Perhaps no more than 10-25 percent of males were literate when Notre Dame was built. Yet its craftsmen deployed what researchers today call “divine dimensions”—formulas and proportions derived from Solomon’s Temple and the celestial city in the book of Revelation—to construct a worship experience of soaring spaces and penetrating light, drawing the worshipper’s gaze to heaven. To do that, they invented the pointed and ribbed vault of intersecting stones, lightened so that height could be achieved without mass, while the walls—supported by exterior braces, or flying buttresses—could be made of glass rather than solid stone.
“Notre Dame provides the French with evidence that their modern and secular republic has its foundations deeply rooted in the Middle Ages,” wrote British historian Tom Holland after the fire. “Notre Dame has always been more than just an assemblage of stone and stained glass. It is a monument as well to a specifically Christian past.”
Like Clovis, France’s youngest president desperately wants to unify his increasingly secular country. The enthusiasm that swept Macron into office in 2017 eroded over 2018 to an approval rating of 23 percent by the start of 2019. Last year’s proposed gas tax hike was the final straw for many, who hit the streets in yellow safety vests to protest Macron policies.
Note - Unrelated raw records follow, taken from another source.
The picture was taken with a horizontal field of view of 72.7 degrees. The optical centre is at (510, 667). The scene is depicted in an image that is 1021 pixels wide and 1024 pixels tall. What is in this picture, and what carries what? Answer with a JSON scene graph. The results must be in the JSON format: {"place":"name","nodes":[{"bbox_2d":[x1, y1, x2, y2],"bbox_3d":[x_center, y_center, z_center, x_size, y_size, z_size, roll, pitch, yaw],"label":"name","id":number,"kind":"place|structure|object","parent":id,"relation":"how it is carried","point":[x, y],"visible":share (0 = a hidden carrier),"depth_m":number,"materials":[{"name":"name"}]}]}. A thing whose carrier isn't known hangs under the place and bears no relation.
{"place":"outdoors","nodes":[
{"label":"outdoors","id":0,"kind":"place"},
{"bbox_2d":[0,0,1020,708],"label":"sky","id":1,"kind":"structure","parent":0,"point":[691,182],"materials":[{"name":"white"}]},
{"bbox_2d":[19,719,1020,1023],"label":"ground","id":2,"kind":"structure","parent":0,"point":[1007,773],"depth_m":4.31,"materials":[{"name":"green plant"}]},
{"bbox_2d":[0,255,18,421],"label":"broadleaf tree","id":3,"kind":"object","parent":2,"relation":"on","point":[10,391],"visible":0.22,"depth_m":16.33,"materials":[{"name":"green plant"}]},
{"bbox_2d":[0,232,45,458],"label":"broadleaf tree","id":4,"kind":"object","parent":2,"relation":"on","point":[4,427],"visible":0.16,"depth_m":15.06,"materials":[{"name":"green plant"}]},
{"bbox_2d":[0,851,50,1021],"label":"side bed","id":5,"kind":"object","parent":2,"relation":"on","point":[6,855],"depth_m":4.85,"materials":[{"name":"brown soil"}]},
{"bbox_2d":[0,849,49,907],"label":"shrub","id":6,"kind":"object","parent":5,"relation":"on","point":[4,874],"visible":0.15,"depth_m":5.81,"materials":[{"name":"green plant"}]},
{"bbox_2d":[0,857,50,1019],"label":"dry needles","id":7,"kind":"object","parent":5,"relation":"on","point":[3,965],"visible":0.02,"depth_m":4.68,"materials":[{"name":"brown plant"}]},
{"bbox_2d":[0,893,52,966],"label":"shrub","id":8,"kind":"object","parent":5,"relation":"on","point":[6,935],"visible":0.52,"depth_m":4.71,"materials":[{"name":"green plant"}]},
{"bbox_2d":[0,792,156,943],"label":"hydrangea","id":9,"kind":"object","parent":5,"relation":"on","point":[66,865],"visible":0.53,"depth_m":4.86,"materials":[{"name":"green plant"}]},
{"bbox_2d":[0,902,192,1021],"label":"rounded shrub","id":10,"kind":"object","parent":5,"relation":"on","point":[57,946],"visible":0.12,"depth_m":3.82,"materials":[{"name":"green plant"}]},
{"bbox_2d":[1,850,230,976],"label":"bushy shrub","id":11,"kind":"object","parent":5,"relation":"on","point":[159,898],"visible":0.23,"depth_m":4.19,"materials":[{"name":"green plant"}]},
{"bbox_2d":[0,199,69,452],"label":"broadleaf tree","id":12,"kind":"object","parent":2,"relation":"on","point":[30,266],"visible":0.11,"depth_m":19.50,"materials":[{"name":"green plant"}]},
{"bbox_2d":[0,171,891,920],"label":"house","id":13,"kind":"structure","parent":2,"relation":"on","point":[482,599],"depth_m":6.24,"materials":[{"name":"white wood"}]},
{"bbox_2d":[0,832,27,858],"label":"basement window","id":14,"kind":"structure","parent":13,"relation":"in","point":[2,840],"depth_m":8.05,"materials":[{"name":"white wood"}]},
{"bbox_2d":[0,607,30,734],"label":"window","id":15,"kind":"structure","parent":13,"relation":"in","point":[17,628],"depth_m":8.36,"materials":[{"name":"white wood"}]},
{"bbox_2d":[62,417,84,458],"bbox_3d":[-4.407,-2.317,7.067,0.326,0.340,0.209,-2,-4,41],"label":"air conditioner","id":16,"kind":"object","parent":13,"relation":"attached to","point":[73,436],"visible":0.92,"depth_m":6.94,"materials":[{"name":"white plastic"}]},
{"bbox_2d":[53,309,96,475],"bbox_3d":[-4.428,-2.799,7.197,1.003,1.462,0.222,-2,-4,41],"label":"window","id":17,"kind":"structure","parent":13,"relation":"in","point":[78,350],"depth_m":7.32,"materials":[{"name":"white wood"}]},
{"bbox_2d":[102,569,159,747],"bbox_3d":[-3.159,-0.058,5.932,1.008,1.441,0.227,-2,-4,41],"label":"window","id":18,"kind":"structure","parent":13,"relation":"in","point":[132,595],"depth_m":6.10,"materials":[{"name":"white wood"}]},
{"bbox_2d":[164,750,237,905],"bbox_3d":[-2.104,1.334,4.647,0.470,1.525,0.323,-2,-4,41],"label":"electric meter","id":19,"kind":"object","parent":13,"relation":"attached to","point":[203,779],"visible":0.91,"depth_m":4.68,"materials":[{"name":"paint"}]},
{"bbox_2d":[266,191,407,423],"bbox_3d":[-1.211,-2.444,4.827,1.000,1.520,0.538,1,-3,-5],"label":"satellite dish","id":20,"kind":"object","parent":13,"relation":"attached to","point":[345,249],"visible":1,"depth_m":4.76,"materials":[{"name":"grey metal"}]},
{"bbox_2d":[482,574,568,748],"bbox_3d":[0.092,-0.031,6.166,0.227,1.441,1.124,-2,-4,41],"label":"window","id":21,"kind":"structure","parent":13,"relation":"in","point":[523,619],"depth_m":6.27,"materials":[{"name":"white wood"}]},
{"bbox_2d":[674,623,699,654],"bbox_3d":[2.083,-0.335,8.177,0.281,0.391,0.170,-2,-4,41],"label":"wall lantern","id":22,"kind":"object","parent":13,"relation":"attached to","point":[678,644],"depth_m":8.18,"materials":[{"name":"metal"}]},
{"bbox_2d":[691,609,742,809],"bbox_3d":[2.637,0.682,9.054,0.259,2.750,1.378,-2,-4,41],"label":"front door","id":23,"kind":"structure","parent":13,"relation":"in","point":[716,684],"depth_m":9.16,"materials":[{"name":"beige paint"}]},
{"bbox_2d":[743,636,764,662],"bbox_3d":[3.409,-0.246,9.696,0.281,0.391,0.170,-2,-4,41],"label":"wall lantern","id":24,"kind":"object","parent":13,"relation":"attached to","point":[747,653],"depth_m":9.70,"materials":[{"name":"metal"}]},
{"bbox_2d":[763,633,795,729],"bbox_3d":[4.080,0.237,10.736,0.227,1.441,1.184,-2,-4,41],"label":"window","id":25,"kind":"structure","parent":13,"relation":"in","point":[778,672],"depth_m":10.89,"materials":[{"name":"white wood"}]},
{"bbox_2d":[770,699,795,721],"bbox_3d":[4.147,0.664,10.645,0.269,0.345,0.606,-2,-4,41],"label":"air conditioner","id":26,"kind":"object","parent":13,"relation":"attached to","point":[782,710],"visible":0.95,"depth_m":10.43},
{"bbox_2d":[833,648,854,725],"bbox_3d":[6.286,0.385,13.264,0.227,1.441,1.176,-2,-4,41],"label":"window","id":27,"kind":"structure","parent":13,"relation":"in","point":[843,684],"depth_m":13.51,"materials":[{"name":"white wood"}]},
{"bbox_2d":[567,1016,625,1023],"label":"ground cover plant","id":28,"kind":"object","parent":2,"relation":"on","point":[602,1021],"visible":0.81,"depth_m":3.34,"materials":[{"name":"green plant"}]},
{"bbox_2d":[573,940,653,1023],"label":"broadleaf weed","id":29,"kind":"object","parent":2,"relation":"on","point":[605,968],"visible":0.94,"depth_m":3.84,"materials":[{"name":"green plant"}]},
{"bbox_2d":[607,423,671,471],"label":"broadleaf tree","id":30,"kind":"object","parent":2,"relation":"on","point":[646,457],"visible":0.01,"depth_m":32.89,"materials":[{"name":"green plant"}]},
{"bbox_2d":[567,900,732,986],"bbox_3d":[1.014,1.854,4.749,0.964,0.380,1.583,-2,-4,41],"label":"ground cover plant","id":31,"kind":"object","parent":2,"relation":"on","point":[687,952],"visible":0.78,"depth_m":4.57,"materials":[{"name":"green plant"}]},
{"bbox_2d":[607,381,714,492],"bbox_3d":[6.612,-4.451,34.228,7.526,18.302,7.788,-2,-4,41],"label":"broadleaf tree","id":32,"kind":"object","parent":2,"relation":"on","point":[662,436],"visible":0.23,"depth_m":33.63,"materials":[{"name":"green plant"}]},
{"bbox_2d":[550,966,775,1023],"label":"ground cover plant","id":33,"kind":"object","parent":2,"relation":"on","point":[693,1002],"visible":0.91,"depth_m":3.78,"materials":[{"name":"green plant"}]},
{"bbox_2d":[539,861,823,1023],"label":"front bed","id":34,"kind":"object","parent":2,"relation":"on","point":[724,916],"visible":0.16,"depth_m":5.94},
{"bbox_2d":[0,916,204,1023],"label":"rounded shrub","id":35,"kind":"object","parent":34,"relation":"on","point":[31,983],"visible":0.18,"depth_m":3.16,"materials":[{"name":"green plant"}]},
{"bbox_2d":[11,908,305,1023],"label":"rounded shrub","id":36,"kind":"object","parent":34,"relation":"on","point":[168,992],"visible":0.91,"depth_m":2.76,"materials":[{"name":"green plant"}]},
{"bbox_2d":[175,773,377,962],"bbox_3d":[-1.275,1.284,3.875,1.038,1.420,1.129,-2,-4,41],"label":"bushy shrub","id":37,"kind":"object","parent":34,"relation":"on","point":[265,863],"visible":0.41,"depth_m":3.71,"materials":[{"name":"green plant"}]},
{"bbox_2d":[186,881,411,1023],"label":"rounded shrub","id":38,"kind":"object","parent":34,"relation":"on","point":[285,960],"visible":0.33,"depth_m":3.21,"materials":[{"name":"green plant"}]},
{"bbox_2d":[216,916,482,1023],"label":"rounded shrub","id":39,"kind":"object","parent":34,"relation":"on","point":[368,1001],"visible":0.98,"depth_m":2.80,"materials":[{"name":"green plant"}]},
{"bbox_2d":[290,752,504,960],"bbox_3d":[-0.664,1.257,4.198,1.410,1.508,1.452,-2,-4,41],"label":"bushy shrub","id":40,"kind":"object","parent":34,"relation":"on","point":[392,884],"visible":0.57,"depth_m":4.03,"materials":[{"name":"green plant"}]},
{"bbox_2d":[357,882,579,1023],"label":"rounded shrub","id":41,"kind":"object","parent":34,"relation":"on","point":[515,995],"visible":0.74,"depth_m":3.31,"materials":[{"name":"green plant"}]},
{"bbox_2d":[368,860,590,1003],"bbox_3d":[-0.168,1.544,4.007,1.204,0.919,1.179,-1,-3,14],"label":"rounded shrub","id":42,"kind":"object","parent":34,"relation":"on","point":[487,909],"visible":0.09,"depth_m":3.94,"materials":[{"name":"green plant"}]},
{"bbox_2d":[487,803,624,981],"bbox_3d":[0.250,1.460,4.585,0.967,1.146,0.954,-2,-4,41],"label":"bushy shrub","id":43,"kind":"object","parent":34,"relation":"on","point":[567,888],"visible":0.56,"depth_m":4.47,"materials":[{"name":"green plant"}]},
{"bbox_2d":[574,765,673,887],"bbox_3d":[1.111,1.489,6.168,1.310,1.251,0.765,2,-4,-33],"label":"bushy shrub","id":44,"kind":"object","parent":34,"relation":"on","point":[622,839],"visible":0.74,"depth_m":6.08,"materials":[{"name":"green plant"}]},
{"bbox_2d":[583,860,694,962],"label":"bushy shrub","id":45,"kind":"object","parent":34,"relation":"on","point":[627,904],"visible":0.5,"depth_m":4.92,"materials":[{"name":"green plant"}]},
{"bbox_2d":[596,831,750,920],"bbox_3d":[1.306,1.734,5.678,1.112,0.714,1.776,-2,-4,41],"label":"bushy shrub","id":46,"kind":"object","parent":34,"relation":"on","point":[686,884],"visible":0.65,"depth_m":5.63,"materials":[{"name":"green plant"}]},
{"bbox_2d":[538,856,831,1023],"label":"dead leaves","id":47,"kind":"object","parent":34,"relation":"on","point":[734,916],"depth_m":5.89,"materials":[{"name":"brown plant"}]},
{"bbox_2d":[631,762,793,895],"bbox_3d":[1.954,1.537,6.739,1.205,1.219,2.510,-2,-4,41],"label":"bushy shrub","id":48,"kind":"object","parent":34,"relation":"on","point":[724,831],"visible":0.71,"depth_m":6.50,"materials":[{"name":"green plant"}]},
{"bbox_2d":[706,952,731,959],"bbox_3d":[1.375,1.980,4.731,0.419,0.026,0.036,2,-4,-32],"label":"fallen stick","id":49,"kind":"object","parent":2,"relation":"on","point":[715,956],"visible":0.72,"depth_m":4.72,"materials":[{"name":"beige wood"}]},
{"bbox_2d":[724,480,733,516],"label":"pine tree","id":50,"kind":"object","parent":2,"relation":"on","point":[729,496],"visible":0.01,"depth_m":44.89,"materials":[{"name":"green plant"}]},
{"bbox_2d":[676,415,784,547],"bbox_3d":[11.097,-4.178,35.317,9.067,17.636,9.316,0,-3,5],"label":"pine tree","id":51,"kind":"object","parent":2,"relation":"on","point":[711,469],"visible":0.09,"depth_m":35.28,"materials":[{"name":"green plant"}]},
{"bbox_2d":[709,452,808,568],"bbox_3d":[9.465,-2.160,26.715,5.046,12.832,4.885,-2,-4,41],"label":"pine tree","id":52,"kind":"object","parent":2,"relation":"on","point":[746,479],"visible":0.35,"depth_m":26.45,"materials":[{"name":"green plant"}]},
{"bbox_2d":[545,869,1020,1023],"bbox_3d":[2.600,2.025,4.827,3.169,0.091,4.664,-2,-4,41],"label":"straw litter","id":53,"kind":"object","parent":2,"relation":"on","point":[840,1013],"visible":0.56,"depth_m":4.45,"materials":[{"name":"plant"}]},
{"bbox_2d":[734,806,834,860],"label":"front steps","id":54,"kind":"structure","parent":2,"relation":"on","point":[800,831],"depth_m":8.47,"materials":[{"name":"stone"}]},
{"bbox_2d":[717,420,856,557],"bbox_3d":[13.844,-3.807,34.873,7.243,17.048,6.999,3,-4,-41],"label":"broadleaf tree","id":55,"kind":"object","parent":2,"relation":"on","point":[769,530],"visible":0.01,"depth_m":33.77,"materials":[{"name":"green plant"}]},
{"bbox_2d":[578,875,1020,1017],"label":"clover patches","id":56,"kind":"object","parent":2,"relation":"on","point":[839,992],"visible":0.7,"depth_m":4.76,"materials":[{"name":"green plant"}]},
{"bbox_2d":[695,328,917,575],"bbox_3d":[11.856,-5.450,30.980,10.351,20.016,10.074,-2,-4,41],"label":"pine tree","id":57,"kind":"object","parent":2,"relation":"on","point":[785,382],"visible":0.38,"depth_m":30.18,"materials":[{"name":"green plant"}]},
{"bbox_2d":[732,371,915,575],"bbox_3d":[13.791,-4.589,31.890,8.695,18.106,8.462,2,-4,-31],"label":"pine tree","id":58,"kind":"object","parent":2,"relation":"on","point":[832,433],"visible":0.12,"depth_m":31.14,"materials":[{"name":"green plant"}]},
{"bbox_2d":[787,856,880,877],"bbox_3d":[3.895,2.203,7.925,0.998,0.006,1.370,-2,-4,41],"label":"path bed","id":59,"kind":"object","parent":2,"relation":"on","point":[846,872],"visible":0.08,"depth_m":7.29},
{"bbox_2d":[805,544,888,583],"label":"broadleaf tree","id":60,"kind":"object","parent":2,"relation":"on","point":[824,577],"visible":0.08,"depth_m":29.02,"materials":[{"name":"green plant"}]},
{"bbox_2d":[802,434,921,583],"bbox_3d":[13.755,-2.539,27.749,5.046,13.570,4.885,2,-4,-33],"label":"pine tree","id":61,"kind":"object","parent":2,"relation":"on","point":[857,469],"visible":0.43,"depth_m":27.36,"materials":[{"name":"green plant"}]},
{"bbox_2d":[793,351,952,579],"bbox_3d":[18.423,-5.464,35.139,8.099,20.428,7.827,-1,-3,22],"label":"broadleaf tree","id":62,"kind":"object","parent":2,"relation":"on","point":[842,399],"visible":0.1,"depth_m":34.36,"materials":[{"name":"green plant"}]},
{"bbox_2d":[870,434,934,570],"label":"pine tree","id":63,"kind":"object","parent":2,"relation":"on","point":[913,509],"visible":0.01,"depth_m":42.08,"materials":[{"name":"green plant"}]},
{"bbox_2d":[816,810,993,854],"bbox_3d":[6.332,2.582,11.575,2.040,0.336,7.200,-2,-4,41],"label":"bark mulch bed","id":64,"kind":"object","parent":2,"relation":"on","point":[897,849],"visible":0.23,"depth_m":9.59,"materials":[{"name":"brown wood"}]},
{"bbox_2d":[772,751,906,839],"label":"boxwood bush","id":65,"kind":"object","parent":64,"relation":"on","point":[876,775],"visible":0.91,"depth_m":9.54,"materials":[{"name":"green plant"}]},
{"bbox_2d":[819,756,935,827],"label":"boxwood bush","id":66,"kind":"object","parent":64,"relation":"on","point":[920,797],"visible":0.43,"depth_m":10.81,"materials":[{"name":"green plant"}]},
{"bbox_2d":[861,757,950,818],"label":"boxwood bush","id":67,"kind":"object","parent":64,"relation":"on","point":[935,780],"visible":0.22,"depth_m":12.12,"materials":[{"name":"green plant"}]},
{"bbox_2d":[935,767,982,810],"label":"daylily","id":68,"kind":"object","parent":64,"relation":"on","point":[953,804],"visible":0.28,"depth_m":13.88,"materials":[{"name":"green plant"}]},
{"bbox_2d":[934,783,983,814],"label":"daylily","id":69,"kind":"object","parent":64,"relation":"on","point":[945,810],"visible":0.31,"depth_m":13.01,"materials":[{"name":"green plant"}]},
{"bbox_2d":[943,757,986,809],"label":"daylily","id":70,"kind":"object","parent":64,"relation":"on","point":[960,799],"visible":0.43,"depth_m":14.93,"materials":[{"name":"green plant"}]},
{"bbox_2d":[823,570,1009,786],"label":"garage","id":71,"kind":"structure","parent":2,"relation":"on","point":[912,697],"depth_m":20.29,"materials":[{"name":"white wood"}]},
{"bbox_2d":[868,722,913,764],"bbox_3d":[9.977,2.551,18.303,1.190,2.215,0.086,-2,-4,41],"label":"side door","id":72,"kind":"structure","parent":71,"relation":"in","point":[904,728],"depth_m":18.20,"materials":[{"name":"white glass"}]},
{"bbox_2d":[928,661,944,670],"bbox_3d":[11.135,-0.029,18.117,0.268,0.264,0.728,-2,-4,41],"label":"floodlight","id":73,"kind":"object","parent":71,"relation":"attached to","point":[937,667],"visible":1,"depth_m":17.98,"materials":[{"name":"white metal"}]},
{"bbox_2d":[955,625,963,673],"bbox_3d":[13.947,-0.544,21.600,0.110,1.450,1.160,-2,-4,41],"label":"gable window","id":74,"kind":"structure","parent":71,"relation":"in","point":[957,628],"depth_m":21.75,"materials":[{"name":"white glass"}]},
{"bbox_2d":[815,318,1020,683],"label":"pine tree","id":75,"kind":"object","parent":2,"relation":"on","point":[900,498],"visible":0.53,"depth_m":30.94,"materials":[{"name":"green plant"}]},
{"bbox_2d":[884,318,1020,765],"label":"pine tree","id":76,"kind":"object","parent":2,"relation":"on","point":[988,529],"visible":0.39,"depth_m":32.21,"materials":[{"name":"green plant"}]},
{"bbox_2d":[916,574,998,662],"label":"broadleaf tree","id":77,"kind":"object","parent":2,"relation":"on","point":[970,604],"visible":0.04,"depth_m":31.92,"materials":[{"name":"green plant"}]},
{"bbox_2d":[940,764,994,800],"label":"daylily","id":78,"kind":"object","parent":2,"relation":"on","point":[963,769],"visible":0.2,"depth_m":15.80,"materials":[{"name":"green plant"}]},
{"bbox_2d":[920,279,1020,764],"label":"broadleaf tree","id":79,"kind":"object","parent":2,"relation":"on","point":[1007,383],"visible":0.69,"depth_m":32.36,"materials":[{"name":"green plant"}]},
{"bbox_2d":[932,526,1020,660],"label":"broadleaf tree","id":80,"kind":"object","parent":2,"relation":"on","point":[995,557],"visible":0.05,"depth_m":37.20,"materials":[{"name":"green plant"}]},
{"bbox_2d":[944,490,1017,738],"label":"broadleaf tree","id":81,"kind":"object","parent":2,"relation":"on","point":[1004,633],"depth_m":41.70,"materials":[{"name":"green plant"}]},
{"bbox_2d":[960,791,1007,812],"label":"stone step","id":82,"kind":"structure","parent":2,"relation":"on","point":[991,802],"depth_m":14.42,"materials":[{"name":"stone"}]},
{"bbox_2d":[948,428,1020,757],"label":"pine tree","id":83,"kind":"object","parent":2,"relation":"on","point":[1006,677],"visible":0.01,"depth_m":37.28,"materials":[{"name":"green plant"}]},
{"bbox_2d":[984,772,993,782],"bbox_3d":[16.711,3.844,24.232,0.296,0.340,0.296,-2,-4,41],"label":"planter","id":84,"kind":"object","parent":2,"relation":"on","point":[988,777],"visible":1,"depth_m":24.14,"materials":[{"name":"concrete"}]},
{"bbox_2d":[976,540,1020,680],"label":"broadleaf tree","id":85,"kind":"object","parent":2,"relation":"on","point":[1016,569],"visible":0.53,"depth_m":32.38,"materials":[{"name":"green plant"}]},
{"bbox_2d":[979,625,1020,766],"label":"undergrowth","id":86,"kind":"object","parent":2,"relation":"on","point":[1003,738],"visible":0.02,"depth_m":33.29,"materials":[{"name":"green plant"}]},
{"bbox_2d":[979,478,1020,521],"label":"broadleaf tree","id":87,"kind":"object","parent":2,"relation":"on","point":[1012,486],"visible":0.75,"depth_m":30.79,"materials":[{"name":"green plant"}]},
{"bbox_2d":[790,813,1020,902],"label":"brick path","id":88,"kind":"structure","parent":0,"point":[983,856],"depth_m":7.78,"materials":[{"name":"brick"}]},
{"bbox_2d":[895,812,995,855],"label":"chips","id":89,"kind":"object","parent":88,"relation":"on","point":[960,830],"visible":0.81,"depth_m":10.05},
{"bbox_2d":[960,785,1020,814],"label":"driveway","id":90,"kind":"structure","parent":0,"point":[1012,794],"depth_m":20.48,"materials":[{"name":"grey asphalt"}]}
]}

After blockading traffic circles in rural France, the Yellow Vests turned to Paris and other cities. As more protesters turned out in solidarity, the movement turned violent. Months of weekend demonstrations left popular shopping areas and streets in shambles, the worst civil unrest since 1968. Macron dropped the gas tax late last year, but the Yellow Vests showed no sign of stopping: They simply want Macron to leave office.
Most French aren’t protesting, but the Yellow Vests underscore the frustrations of France’s middle class who want to reinvigorate businesses and combat 10 percent unemployment. Macron’s efforts have left many frustrated and disillusioned.
Another social divide drawing attention in the wake of Notre Dame’s fire is attacks on churches, both evangelical and Catholic. More than 65 acts of vandalism against churches occurred in the first two months of 2019, according to the National Council of Evangelicals of France (CNEF).
In early March vandals broke into Hope and Life Evangelical Church near Bordeaux, stealing $12,000 worth of sound equipment. But theft wasn’t their only goal: They poured paint onto walls and chairs and into electronic equipment. “There was a will to defile and destroy, and to keep us from continuing our worship services,” said Pastor Joseph Miall.
In mid-March arsonists set fire to the entrance of Saint-Sulpice, a 17th-century Catholic church in Paris. Parishioners heard the flames and raised the alarm. No one was injured, but the fire destroyed the church’s historic doors.
Notre Dame also has been targeted. In 2016 three Muslim women attempted to blow up a car filled with gas canisters in the street next to Notre Dame. On April 12, three days before the fire, one of the women, 22-year-old Ines Madani, was sentenced to eight years in prison on other terror-related charges. The trial for the 2016 incident is scheduled to begin in September.
Before the Notre Dame fire, such attacks received little media coverage outside religious press. CNEF called for more government action, asking in a statement after the attack on the Hope and Life Church, “In the future will it be possible to worship God and to profess faith publicly in freedom and security in France?”
Sixty percent of French say they are Catholic, according to Pew Research Center, but only about 10 percent are practicing, and the French customarily don’t embrace public displays of religion. Recent sex abuse scandals in the Catholic Church have further eroded confidence and faith. The flames and smoke of Notre Dame, said Wall Street Journal columnist Peggy Noonan, evoked feelings of grief and loss, “especially for Catholics, who saw in the destruction a metaphor for—or judgment of—the state of their church.”
In France, Christian Delphine Brabant said simply, “My country needs a revival.”